WORK ORDER -
Output the whole listing below exactly, omitting the images.

+---+

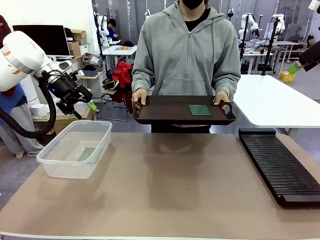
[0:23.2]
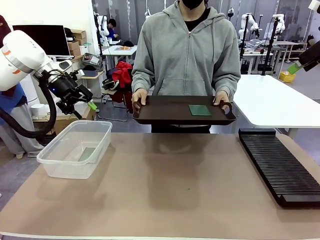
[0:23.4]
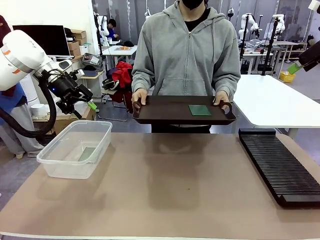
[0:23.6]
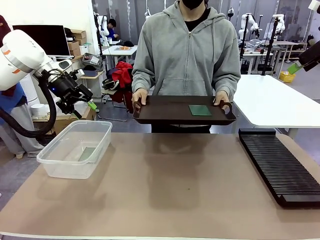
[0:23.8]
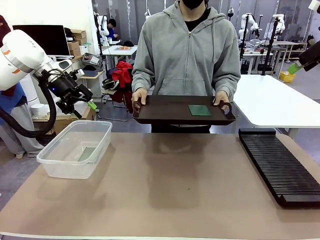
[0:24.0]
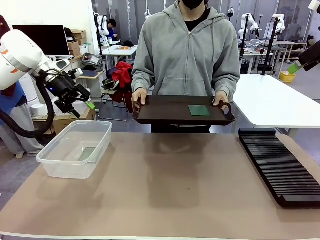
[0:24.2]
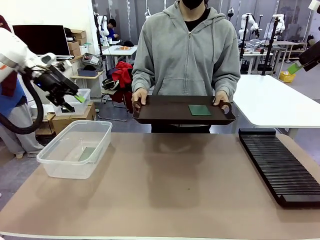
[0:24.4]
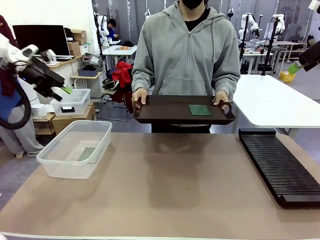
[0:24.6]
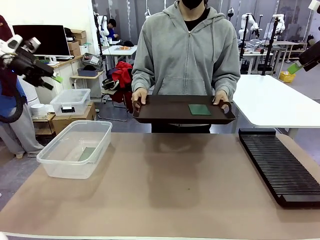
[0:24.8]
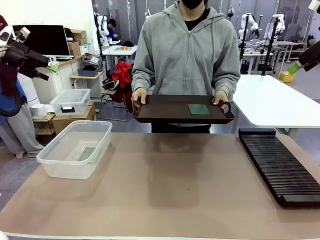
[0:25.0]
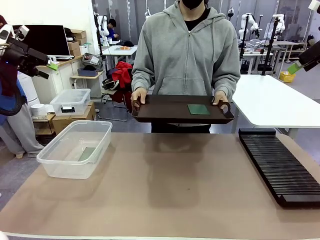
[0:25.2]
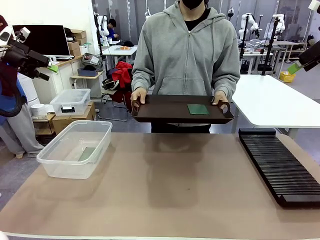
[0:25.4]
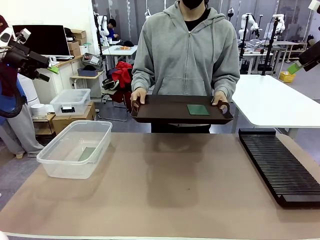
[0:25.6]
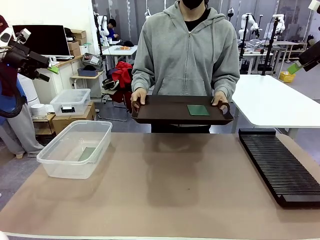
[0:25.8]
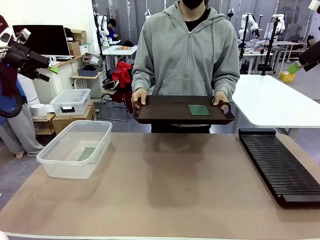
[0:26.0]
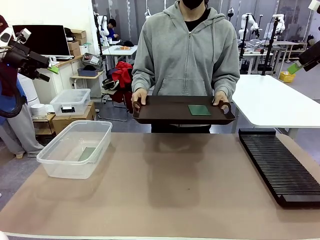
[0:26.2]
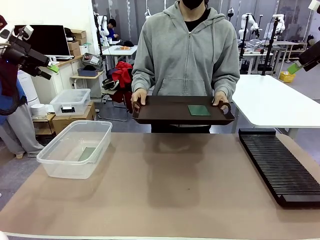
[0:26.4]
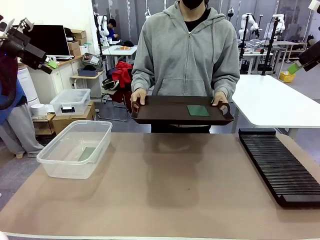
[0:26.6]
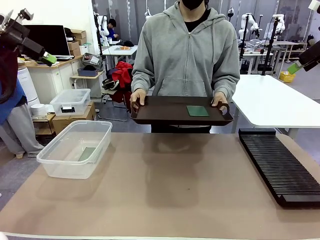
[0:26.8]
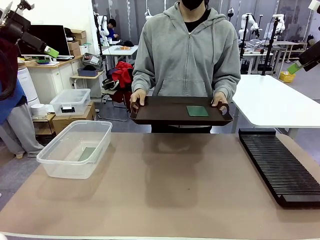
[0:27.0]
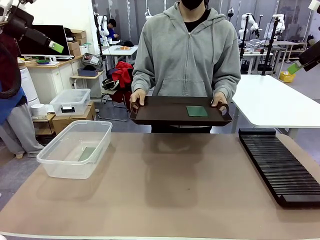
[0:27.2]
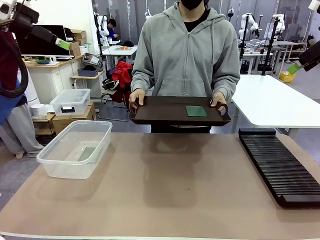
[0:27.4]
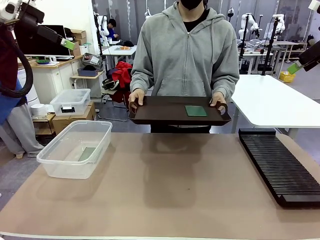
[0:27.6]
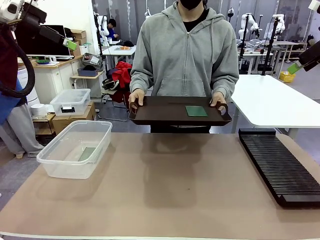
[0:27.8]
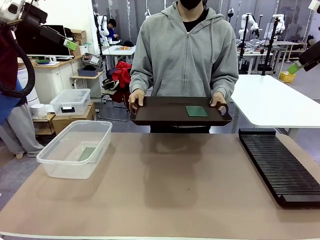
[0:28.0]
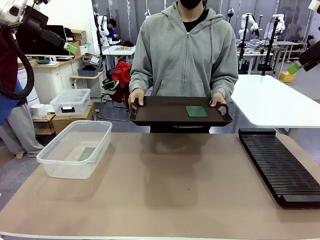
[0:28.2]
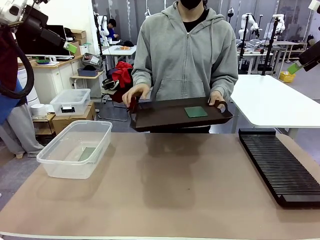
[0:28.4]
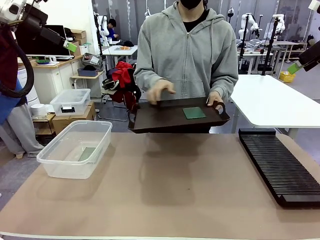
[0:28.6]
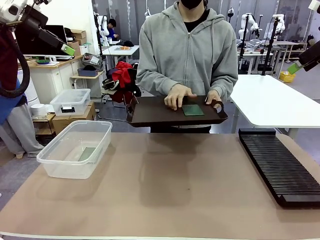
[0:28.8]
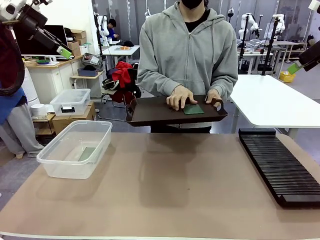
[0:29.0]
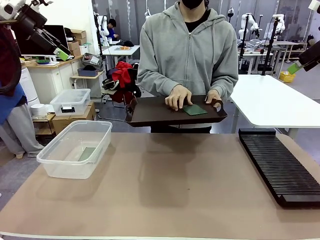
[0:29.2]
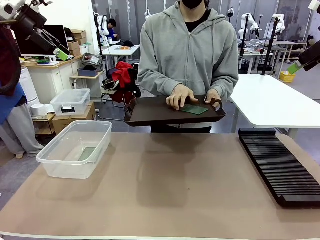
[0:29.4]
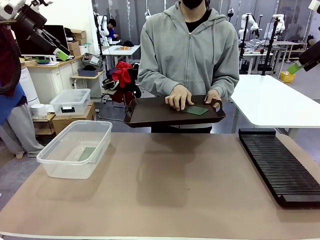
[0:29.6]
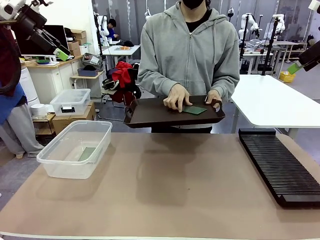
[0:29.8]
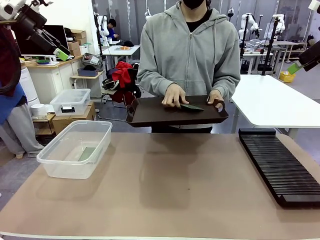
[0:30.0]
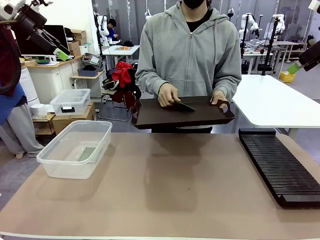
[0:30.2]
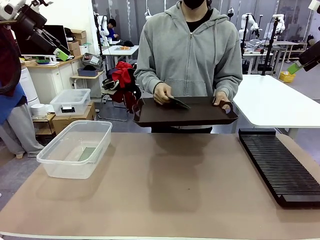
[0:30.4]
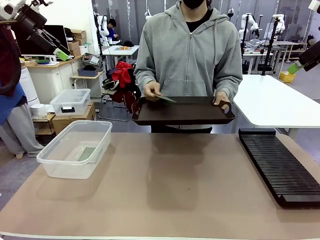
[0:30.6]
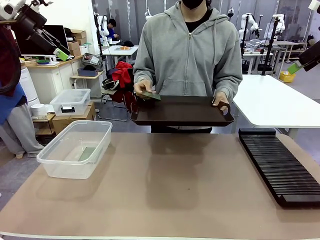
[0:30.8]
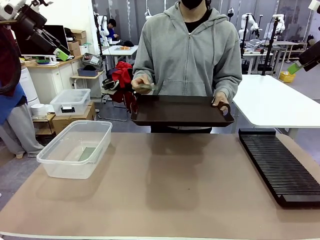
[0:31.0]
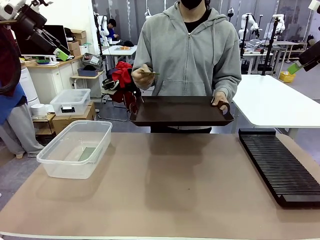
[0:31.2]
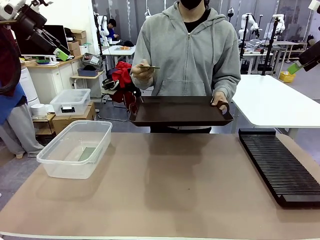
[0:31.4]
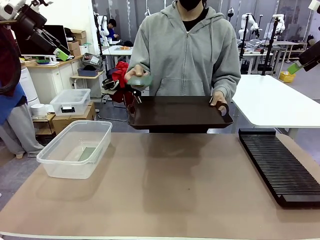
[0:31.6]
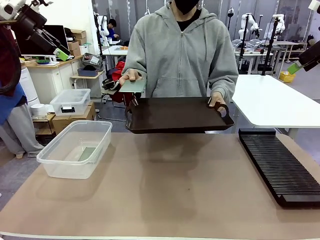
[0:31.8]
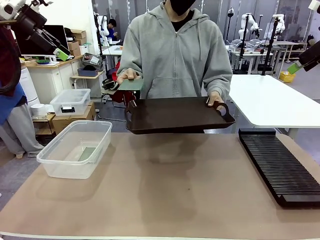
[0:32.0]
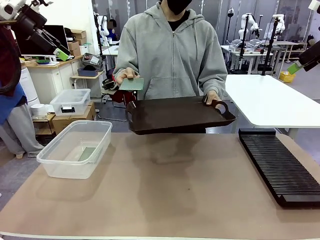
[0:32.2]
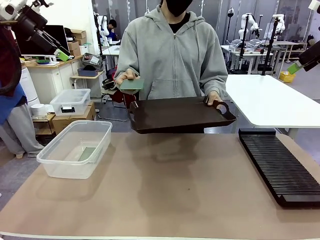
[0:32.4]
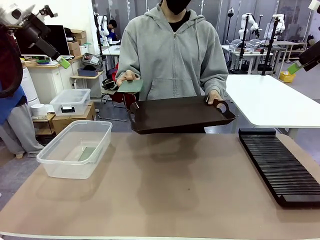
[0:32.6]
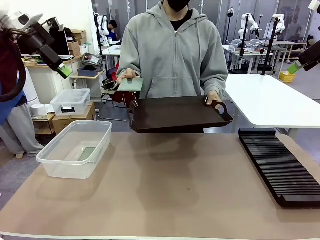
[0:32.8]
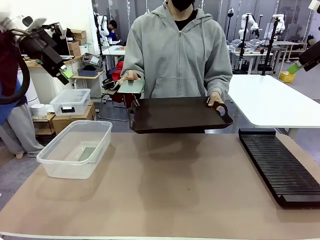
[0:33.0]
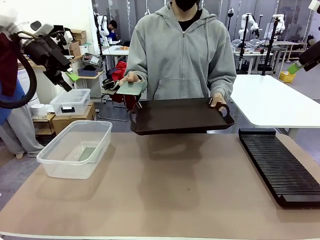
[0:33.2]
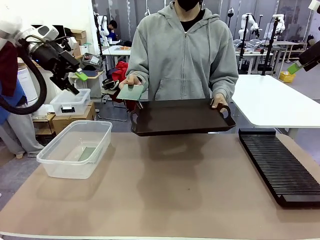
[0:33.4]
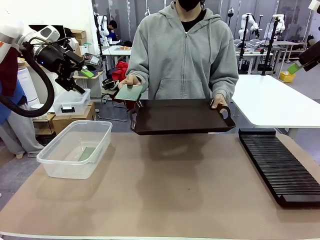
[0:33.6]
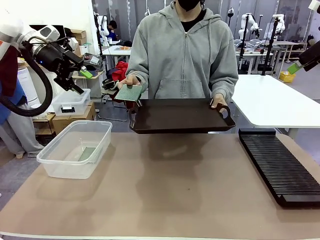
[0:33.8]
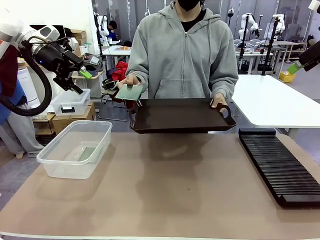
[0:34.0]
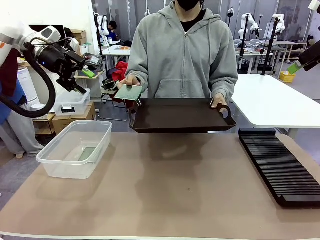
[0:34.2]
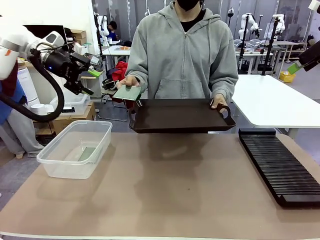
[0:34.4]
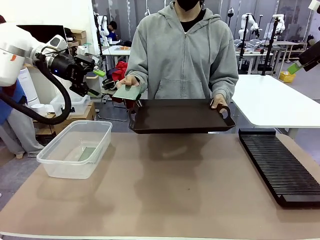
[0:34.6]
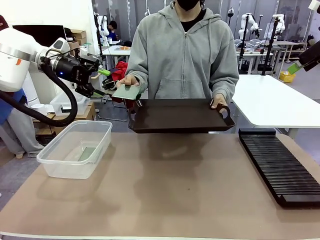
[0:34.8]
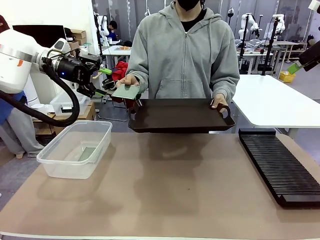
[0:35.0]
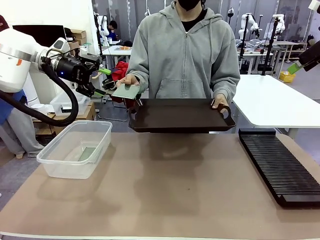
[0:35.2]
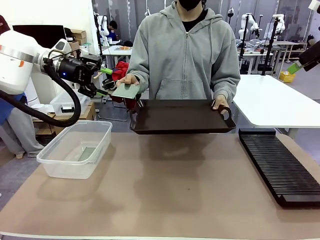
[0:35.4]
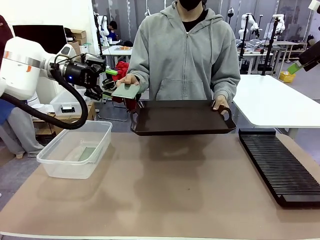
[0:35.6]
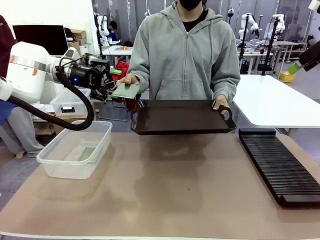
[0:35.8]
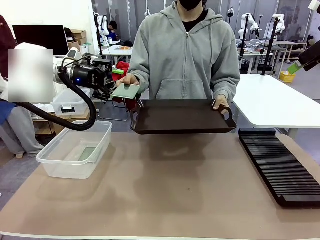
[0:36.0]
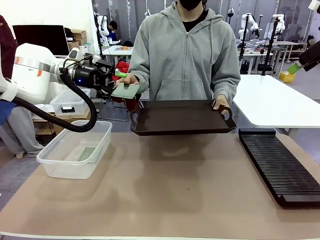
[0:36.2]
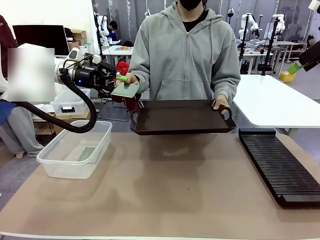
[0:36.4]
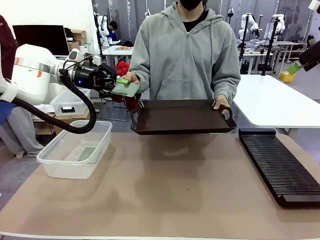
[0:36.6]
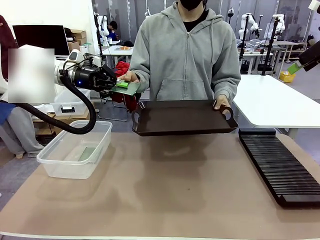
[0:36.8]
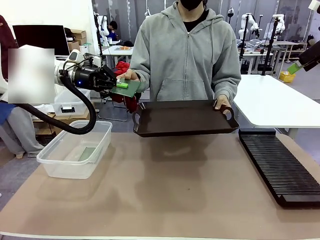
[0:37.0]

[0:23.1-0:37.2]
Task: Sort PCBs into racks and boxes based on the side picked up.
Robot: Pick up the Blank PCB handed by the Human.
Person: Pick one PCB from the tray and present it to the robot.

+---+

WRITTEN ANSWER -
[0:23.2]
[0:23.4]
[0:23.6]
[0:23.8]
[0:24.0]
[0:24.2]
[0:24.4]
[0:24.6]
[0:24.8]
[0:25.0]
[0:25.2]
[0:25.4]
[0:25.6]
[0:25.8]
[0:26.0]
[0:26.2]
[0:26.4]
[0:26.6]
[0:26.8]
[0:27.0]
[0:27.2]
[0:27.4]
[0:27.6]
[0:27.8]
[0:28.0]
[0:28.2]
[0:28.4]
[0:28.6]
[0:28.8]
[0:29.0]
[0:29.2]
[0:29.4]
[0:29.6]
[0:29.8]
[0:30.0]
[0:30.2]
[0:30.4]
[0:30.6]
[0:30.8]
[0:31.0]
[0:31.2]
[0:31.4]
[0:31.6]
[0:31.8]
[0:32.0]
[0:32.2]
[0:32.4]
[0:32.6]
[0:32.8]
[0:33.0]
[0:33.2]
[0:33.4]
[0:33.6]
[0:33.8]
[0:34.0]
[0:34.2]
[0:34.4]
[0:34.6]
[0:34.8]
[0:35.0]
[0:35.2]
[0:35.4]
[0:35.6]
[0:35.8]
[0:36.0]
[0:36.2]
[0:36.4]
[0:36.6]
[0:36.8]
[0:37.0]

[0:23.1-0:37.2]
Task: Sort PCBs into racks and boxes based on the side picked up.
Robot: Pick up the Blank PCB handed by the Human.
Person: Pick one PCB from the tray and present it to the robot.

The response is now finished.